Юра-веда, спасибо, меня интересует именно разделение/классификация религий и философий на настика и астика. Попалась раз книга на "Гугл Книгах", в к-рой автор предлагал рассматривать авраамические религии как настика, - то есть как отвергающие Веды, а значит как атеистические.

----------


## Юра-веда

> автор предлагал рассматривать авраамические религии как настика, - то есть как отвергающие Веды, а значит как атеистические.

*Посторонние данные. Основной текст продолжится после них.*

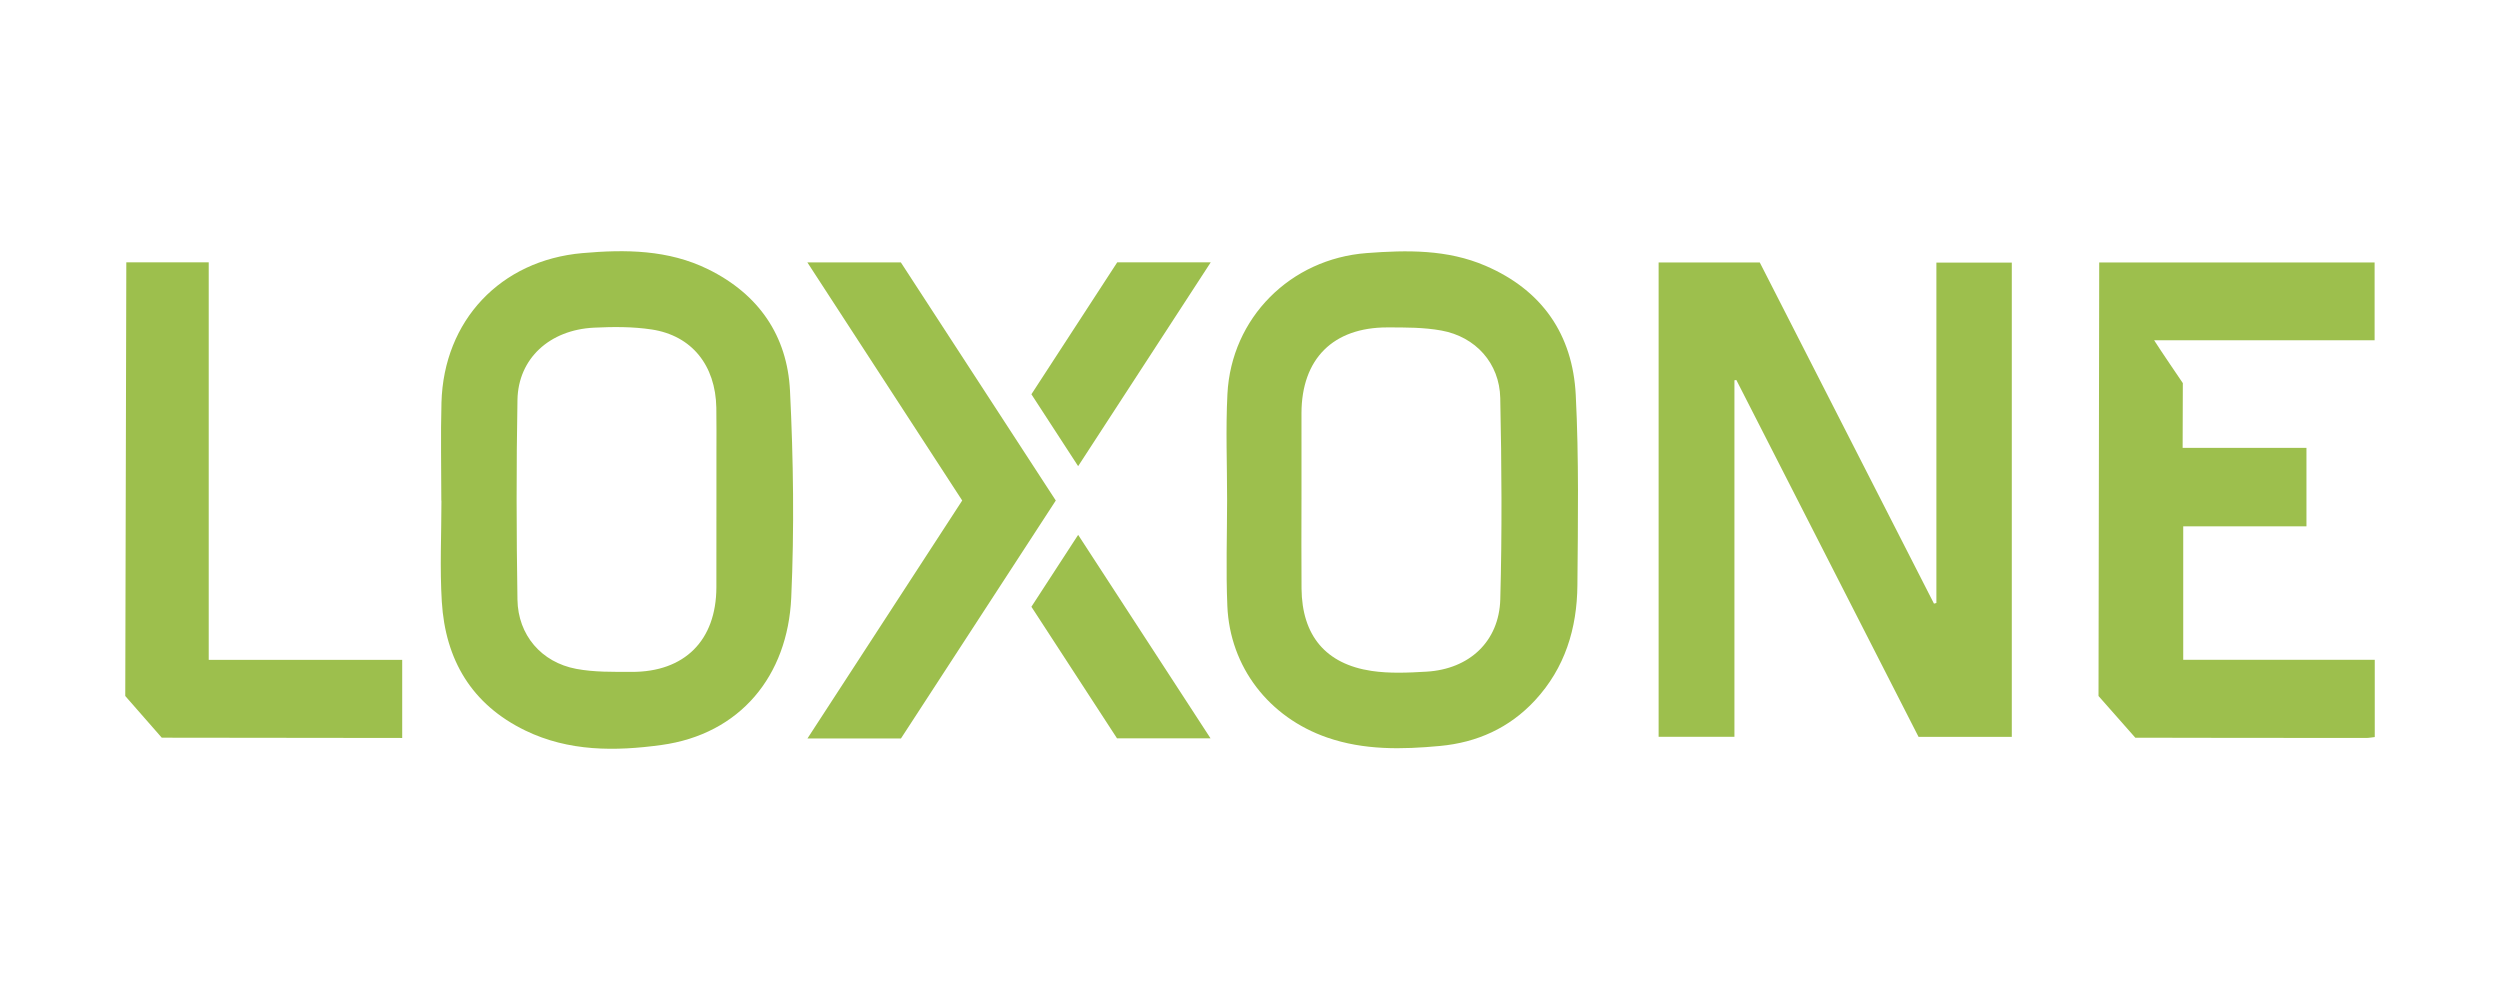 <?xml version="1.0" encoding="UTF-8"?> <svg xmlns="http://www.w3.org/2000/svg" id="a" width="250" height="100" viewBox="0 0 250 100"><defs><style>.b{fill:#9dbf4d;}</style></defs><path class="b" d="M193.639,60.3V26.262h7.541v47.423h-9.326c-6.065-11.879-12.144-23.785-18.222-35.69l-.189,.035v35.65h-7.581V26.249h10.116c5.793,11.345,11.606,22.729,17.419,34.114l.242-.063Z"></path><path class="b" d="M122.71,50.004c.002-3.534-.147-7.075,.032-10.6,.388-7.618,6.299-13.521,13.929-14.097,4.033-.304,8.049-.374,11.872,1.268,5.682,2.44,8.726,6.889,9.032,12.917,.321,6.335,.22,12.696,.165,19.045-.037,4.301-1.241,8.264-4.247,11.507-2.556,2.758-5.791,4.206-9.488,4.551-3.798,.354-7.598,.437-11.292-.843-5.809-2.014-9.721-7.04-9.978-13.148-.148-3.528-.027-7.067-.025-10.601Zm7.438-.101c0,2.984-.022,5.969,.005,8.953,.042,4.685,2.404,7.553,7.01,8.237,1.794,.266,3.663,.18,5.487,.073,4.268-.25,7.263-3.004,7.378-7.238,.183-6.704,.137-13.419-.003-20.126-.073-3.485-2.464-6.126-5.885-6.749-1.759-.32-3.592-.31-5.392-.312-5.445-.007-8.584,3.148-8.6,8.57-.008,2.864-.001,5.728,.001,8.592Z"></path><path class="b" d="M44.132,50.067c0-3.272-.075-6.545,.015-9.814,.226-8.203,5.905-14.223,14.091-14.942,4.302-.378,8.582-.352,12.588,1.622,5.045,2.486,7.902,6.642,8.174,12.14,.34,6.886,.434,13.811,.124,20.697-.352,7.807-5.096,13.653-12.999,14.733-4.606,.63-9.246,.66-13.597-1.451-5.378-2.61-7.993-7.087-8.347-12.884-.205-3.355-.037-6.733-.037-10.101l-.011-0Zm27.511-.054c0-1.54,.001-3.08-0-4.621-.001-1.54,.018-3.081-.01-4.621-.077-4.232-2.447-7.212-6.463-7.823-1.889-.287-3.849-.275-5.767-.182-4.443,.214-7.581,3.089-7.656,7.215-.12,6.66-.106,13.325-.001,19.985,.056,3.541,2.391,6.263,5.874,6.92,1.801,.34,3.688,.299,5.536,.304,5.308,.017,8.462-3.147,8.483-8.442,.011-2.912,.002-5.824,.004-8.736Z"></path><path class="b" d="M218.263,44.79h12.383v7.841h-12.323v13.352h19.153v7.724c-.313,.034-.591,.09-.869,.09-7.692,.005-23.076-.026-23.076-.026l-3.679-4.169,.069-43.357h27.54v7.78h-22.049c.489,.789,2.871,4.287,2.871,4.287,0,0-.019,5.261-.019,6.477Z"></path><path class="b" d="M12.63,26.234h8.242v39.755h19.348v7.808l-24.044-.028-3.65-4.168,.105-43.368Z"></path><path class="b" d="M105.579,50.052c-5.184,7.967-10.34,15.891-15.482,23.793h-9.35c5.191-7.982,10.312-15.856,15.474-23.793-5.15-7.92-10.283-15.813-15.486-23.814h9.349c5.138,7.897,10.306,15.839,15.494,23.814Z"></path><path class="b" d="M107.814,46.616c-1.609-2.475-3.115-4.792-4.674-7.189,2.867-4.408,5.734-8.815,8.581-13.191h9.35c-4.443,6.83-8.812,13.547-13.257,20.38Z"></path><path class="b" d="M121.05,73.833h-9.349c-2.818-4.33-5.673-8.718-8.561-13.157l4.675-7.189c4.429,6.808,8.797,13.522,13.236,20.345Z"></path></svg>

Говоря в общем целом, в Кали-югу Веды отвергаются всеми - либо полностью, либо частично. Даже у вайшнавов. Впрочем, отвергать особо уже нечего, ведь сохранилось от Вед всего процентов 6 как говорят разные гуру-махараджи. 
Буддизм вырос из Вед, в нём много чего сохранилось на санскрите - и терминология, и часть мировоззрения и там даже почитают ведических персонажей (Хаягриву, Шиву, Брахму, Вишну, Индру, Ямараджа и др.). Буддизм - больше наука, чем религия. Ламы иногда говорят о Боге, о Всевышнем Источнике. 
Буддизм можно назвать одним из ведических течений. 
...
Библейские течения не только не признают авторитета Вед, так как учат, что это вредное язычество, но и борются с этим (и Ветхий Завет и Коран, призывают к мерам жёсткого искоренения ведизма). ...
Сами евреи были солнцепоклонниками, пока из них не начали делать орудие для мирового господства жречества, корни которого, как считается, уходят в Атлантическую цивилизацию (есть предположение о внеземном демоническом происхождении этих, внешне похожих на людей гуманоидов). 
В общем, на лицо вторжение, распространение которого пролило много крови и уничтожило языческие цивилизации. А ведь они могли дожить до наших дней. Тогда всё было бы по-другому. И экология и общество. Потому что ценности совершенно отличные - отношение ко всему не с позиций индивидуализма-эгоизма (потребительства), где человек - венец и господин на планете, которую надо покорять, а стихии усмирять...
В библейских течениях учений нет понятий веротерпимости. Там хитрые обманные уловки. Например, магометане говорят: "Ислам - религия мира". Но надо понимать, что они имеют в виду не мирное существование, а мировое господство этой специфической морали.

----------


## Ruslana

Веды – это наиболее известные священные писания индуизма. Считается, что у Вед нет автора, и что они были "ясноуслышаны" святыми мудрецами далёкого прошлого, а спустя много тысячелетий, когда из-за духовного падения человечества с наступлением кали-юги всё меньшее количество людей стремилось изучать Веды и передавать устно (как того требовала традиция) из поколения в поколение, Ведавьяса ("веды скомпилировавший") структурировал остававшиеся доступными в то время священные писания и организовал их запись, оформив эти тексты в четыре Веды: Ригведа, Самаведа, Яджурведа и Атхарваведа.

----------


## Vrinda devi dasi

> Считается, что у Вед нет автора, и что они были "ясноуслышаны" святыми мудрецами далёкого прошлого


Веды были написаны самим Господом (его воплощением) или его доверенными слугами - чистыми преданными, а потому Веды считаются литературным воплощением Кришны.

----------


## Ivan (гость)

> Веды были написаны самим Господом


может быть и так, но почему-то я Ригведе по отношению к богам, (как например Варуна) используется слово "асура"

----------